A review by generalheff
Quantum by Manjit Kumar

3.0

This book is discussion of the development of quantum mechanics from Planck’s awkward introduction of quantisation to solve the black-body problem, through the notorious Einstein-Bohr debates on the interpretation of quantum mechanics in the 20s-50s, to Bell’s theorem and its experimental validation that proves how quantum mechanics is incompatible with theories that require “local realism” (i.e. with some or all aspects of our intuitive take on how the world is).

I found this book very difficult to score: on the one hand it has re-ignited my interest in quantum mechanics and all its mad consequences and counter-intuitive statements.
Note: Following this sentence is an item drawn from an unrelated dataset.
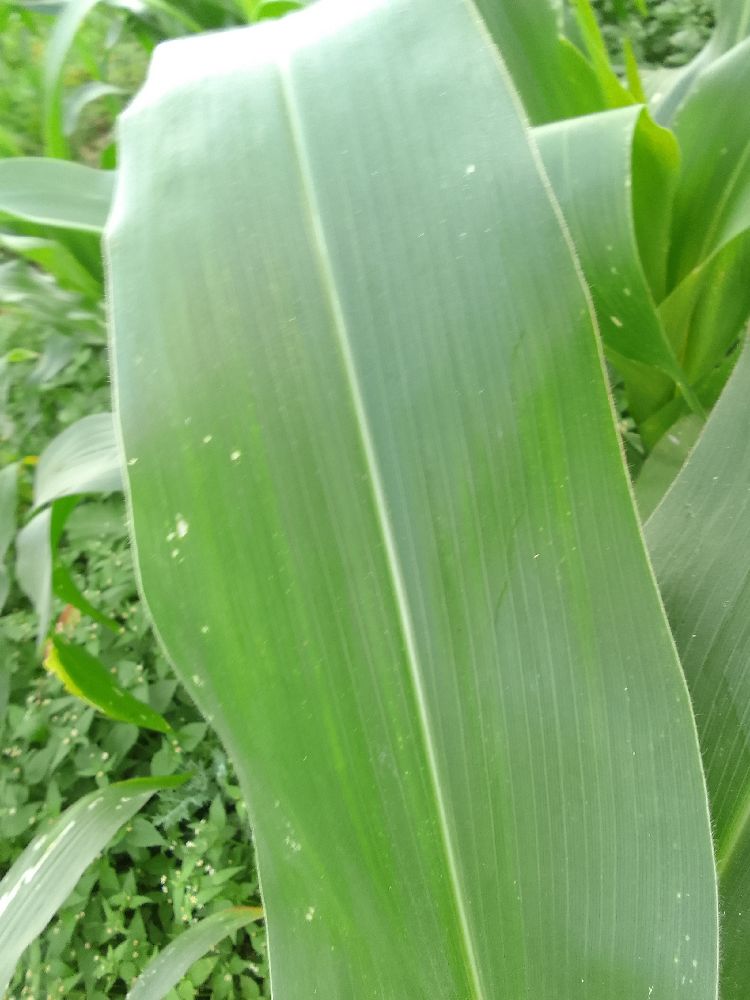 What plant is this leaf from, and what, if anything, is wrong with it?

maize, healthy
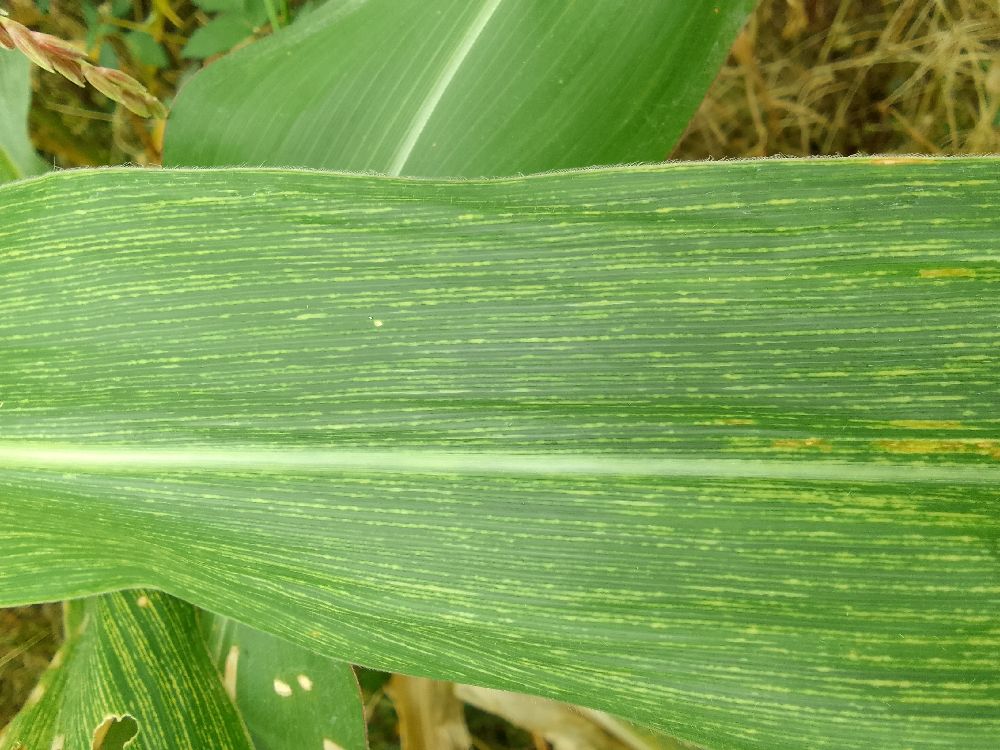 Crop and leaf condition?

maize, maize streak virus
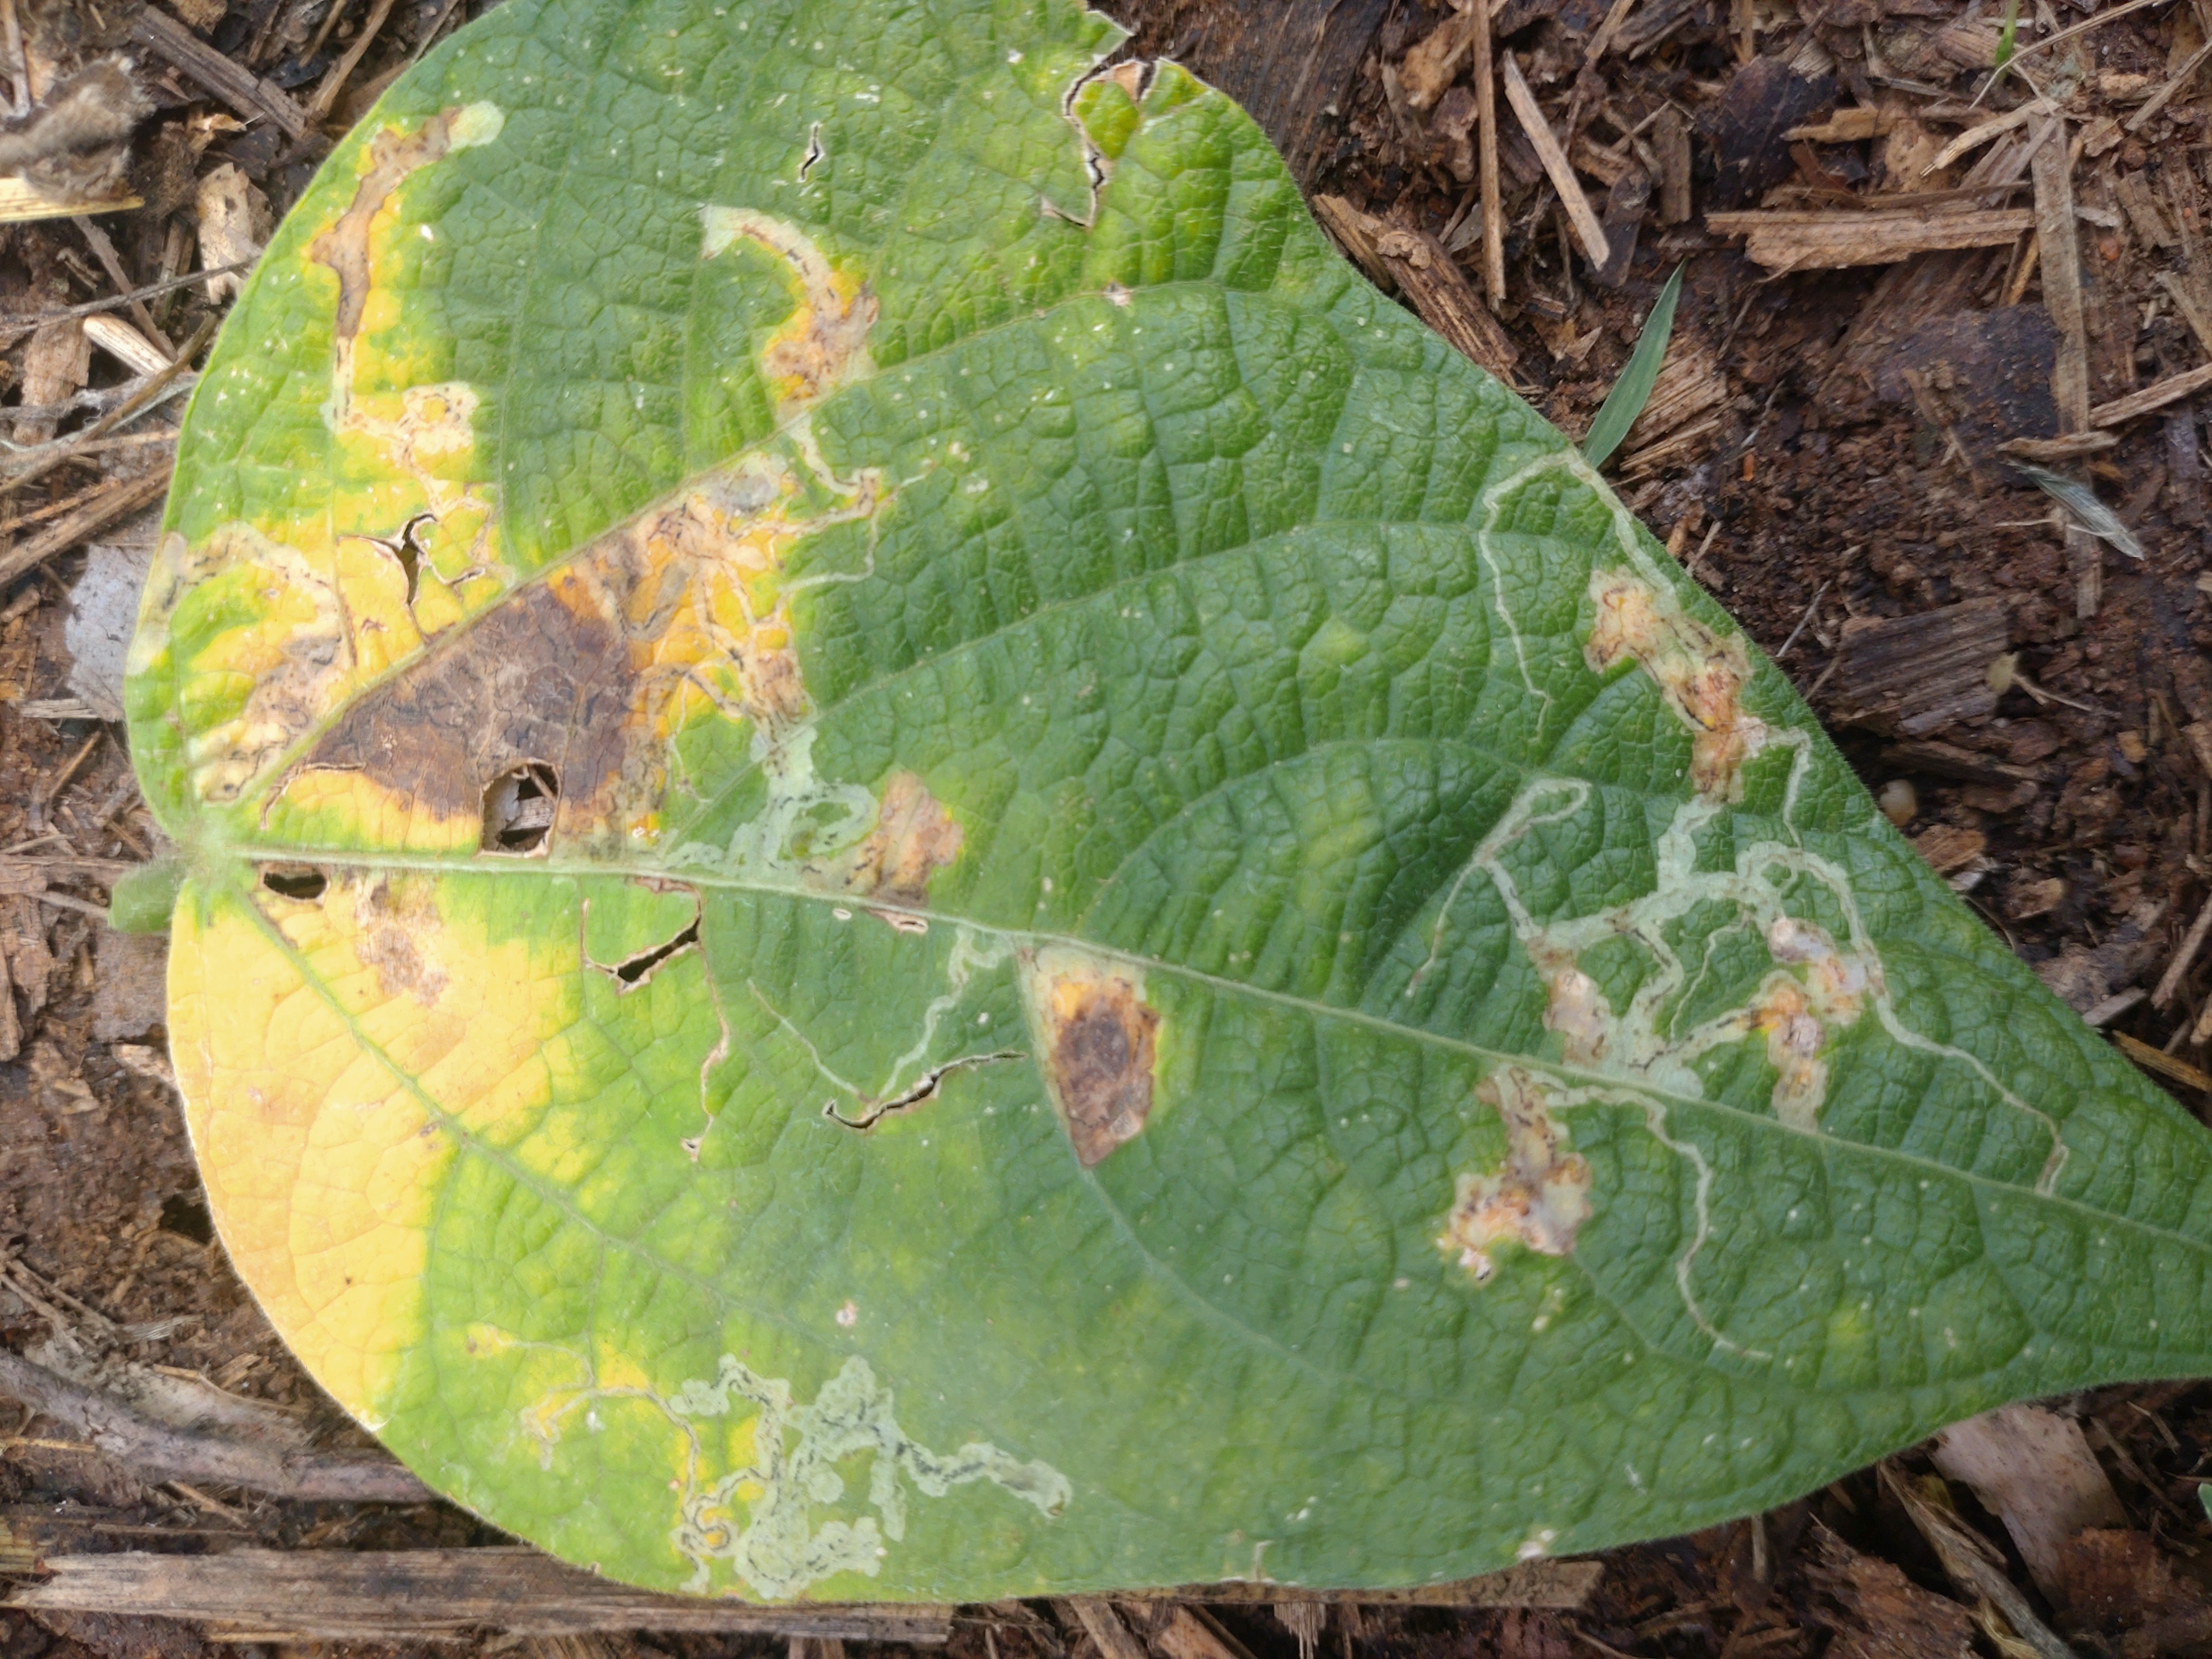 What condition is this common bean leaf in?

On the other, I found that where my interest was most piqued, the book drew up short and just didn’t give me everything I wanted in terms of the nitty gritty of the physics, leaving me feeling like I wasn’t quite getting the full picture.

For a bit of background, I’m a lapsed physicist (I did a degree in mathematical physics but it’s been a long time since I’ve used it). This is the first pop-science book I’ve read since before my degree - and I absolutely loved coming at the subject not from a technical, quantitative point of view (as then), but from a conceptual and historical angle. I feel like I’ve developed a better conceptual take on quantum mechanics than during my whole degree (illustrative of the technicians education I got in all manner of horrifically challenging maths without enough emphasis on experiment and background to what we were doing).

The downside, I think, of my background is that, though undoubtedly helping me understand the book better, I also craved more detail in places than the book offered. More worryingly, I felt the book glossed over complex, important issues too briefly - perhaps bespeaking the authors journalism background. As a concrete example, the rebuke Bohr gave to Einstein’s light-box experiment is anything but sound - and only my own knowledge and intuition for the subject revealed that to me. That, in turn, led me down a rabbit hole of reading about Einstein’s though experiments - which has been fun - but I feel I should’ve got that out of the book I just read and not outside reading.


Paradoxically, I’ve ended up concluding that this is both too basic and too complex. The range of topics covered is huge and, though well written, I feel would be really challenging for the un-initiated. For me (as the initiated) by contrast, I feel there wasn’t enough detail - leaving me feeling a bit unsatisfied and searching around for more comprehensive (but still historical / conceptual) books on the subject.

In short good, but ultimately a little unsure of its audience and the worse off for it.